Records excerpted from a collection:
------------------------------------------------------------------------

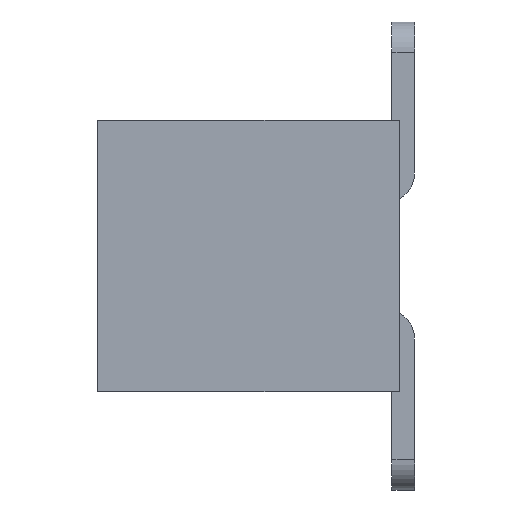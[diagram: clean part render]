
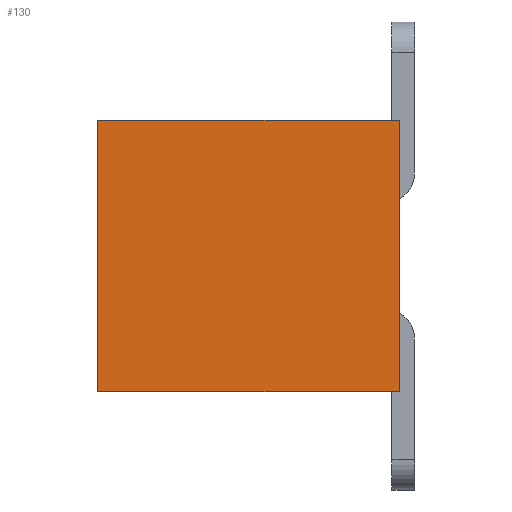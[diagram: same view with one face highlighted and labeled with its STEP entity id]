
A CAD part, left-side view. The second image highlights one B-rep face of the part: STEP entity #130.
In plain terms, the highlighted planar face has unit normal (-1, 0, 0).
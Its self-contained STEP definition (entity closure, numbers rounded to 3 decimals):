
#130=ADVANCED_FACE('',(#492),#493,.T.);
#492=FACE_OUTER_BOUND('',#1155,.T.);
#493=PLANE('',#1156);
#1155=EDGE_LOOP('',(#2005,#2006,#2007,#2008));
#1156=AXIS2_PLACEMENT_3D('',#2009,#2010,#2011);
#2005=ORIENTED_EDGE('',*,*,#4545,.T.);
#2006=ORIENTED_EDGE('',*,*,#4597,.T.);
#2007=ORIENTED_EDGE('',*,*,#4632,.F.);
#2008=ORIENTED_EDGE('',*,*,#4663,.F.);
#2009=CARTESIAN_POINT('',(-3.375,0.0,-0.9));
#2010=DIRECTION('',(-1.0,0.0,0.0));
#2011=DIRECTION('',(0.0,0.0,1.0));
#4545=EDGE_CURVE('',#5450,#5448,#5451,.T.);
#4597=EDGE_CURVE('',#5448,#5542,#5544,.T.);
#4632=EDGE_CURVE('',#5601,#5542,#5603,.T.);
#4663=EDGE_CURVE('',#5450,#5601,#5656,.T.);
#5448=VERTEX_POINT('',#6924);
#5450=VERTEX_POINT('',#6927);
#5451=LINE('',#6928,#6929);
#5542=VERTEX_POINT('',#7070);
#5544=LINE('',#7073,#7074);
#5601=VERTEX_POINT('',#7164);
#5603=LINE('',#7167,#7168);
#5656=LINE('',#7251,#7252);
#6924=CARTESIAN_POINT('',(-3.375,0.0,0.9));
#6927=CARTESIAN_POINT('',(-3.375,0.0,-0.9));
#6928=CARTESIAN_POINT('',(-3.375,0.0,-0.9));
#6929=VECTOR('',#9094,1.8);
#7070=CARTESIAN_POINT('',(-3.375,2.0,0.9));
#7073=CARTESIAN_POINT('',(-3.375,0.0,0.9));
#7074=VECTOR('',#9146,2.0);
#7164=CARTESIAN_POINT('',(-3.375,2.0,-0.9));
#7167=CARTESIAN_POINT('',(-3.375,2.0,-0.9));
#7168=VECTOR('',#9181,1.8);
#7251=CARTESIAN_POINT('',(-3.375,0.0,-0.9));
#7252=VECTOR('',#9212,2.0);
#9094=DIRECTION('',(0.0,0.0,1.0));
#9146=DIRECTION('',(0.0,1.0,0.0));
#9181=DIRECTION('',(0.0,0.0,1.0));
#9212=DIRECTION('',(0.0,1.0,0.0));

------------------------------------------------------------------------

▶ _THE TASK_
Give the data above again in full and unchanged, skipping the pictures.

▶ _OUTPUT OF THE TASK_
[diagram: clean part render]
[diagram: same view with one face highlighted and labeled with its STEP entity id]
A CAD part, left-side view. The second image highlights one B-rep face of the part: STEP entity #130.
In plain terms, the highlighted planar face has unit normal (-1, 0, 0).
Its self-contained STEP definition (entity closure, numbers rounded to 3 decimals):
#130=ADVANCED_FACE('',(#492),#493,.T.);
#492=FACE_OUTER_BOUND('',#1155,.T.);
#493=PLANE('',#1156);
#1155=EDGE_LOOP('',(#2005,#2006,#2007,#2008));
#1156=AXIS2_PLACEMENT_3D('',#2009,#2010,#2011);
#2005=ORIENTED_EDGE('',*,*,#4545,.T.);
#2006=ORIENTED_EDGE('',*,*,#4597,.T.);
#2007=ORIENTED_EDGE('',*,*,#4632,.F.);
#2008=ORIENTED_EDGE('',*,*,#4663,.F.);
#2009=CARTESIAN_POINT('',(-3.375,0.0,-0.9));
#2010=DIRECTION('',(-1.0,0.0,0.0));
#2011=DIRECTION('',(0.0,0.0,1.0));
#4545=EDGE_CURVE('',#5450,#5448,#5451,.T.);
#4597=EDGE_CURVE('',#5448,#5542,#5544,.T.);
#4632=EDGE_CURVE('',#5601,#5542,#5603,.T.);
#4663=EDGE_CURVE('',#5450,#5601,#5656,.T.);
#5448=VERTEX_POINT('',#6924);
#5450=VERTEX_POINT('',#6927);
#5451=LINE('',#6928,#6929);
#5542=VERTEX_POINT('',#7070);
#5544=LINE('',#7073,#7074);
#5601=VERTEX_POINT('',#7164);
#5603=LINE('',#7167,#7168);
#5656=LINE('',#7251,#7252);
#6924=CARTESIAN_POINT('',(-3.375,0.0,0.9));
#6927=CARTESIAN_POINT('',(-3.375,0.0,-0.9));
#6928=CARTESIAN_POINT('',(-3.375,0.0,-0.9));
#6929=VECTOR('',#9094,1.8);
#7070=CARTESIAN_POINT('',(-3.375,2.0,0.9));
#7073=CARTESIAN_POINT('',(-3.375,0.0,0.9));
#7074=VECTOR('',#9146,2.0);
#7164=CARTESIAN_POINT('',(-3.375,2.0,-0.9));
#7167=CARTESIAN_POINT('',(-3.375,2.0,-0.9));
#7168=VECTOR('',#9181,1.8);
#7251=CARTESIAN_POINT('',(-3.375,0.0,-0.9));
#7252=VECTOR('',#9212,2.0);
#9094=DIRECTION('',(0.0,0.0,1.0));
#9146=DIRECTION('',(0.0,1.0,0.0));
#9181=DIRECTION('',(0.0,0.0,1.0));
#9212=DIRECTION('',(0.0,1.0,0.0));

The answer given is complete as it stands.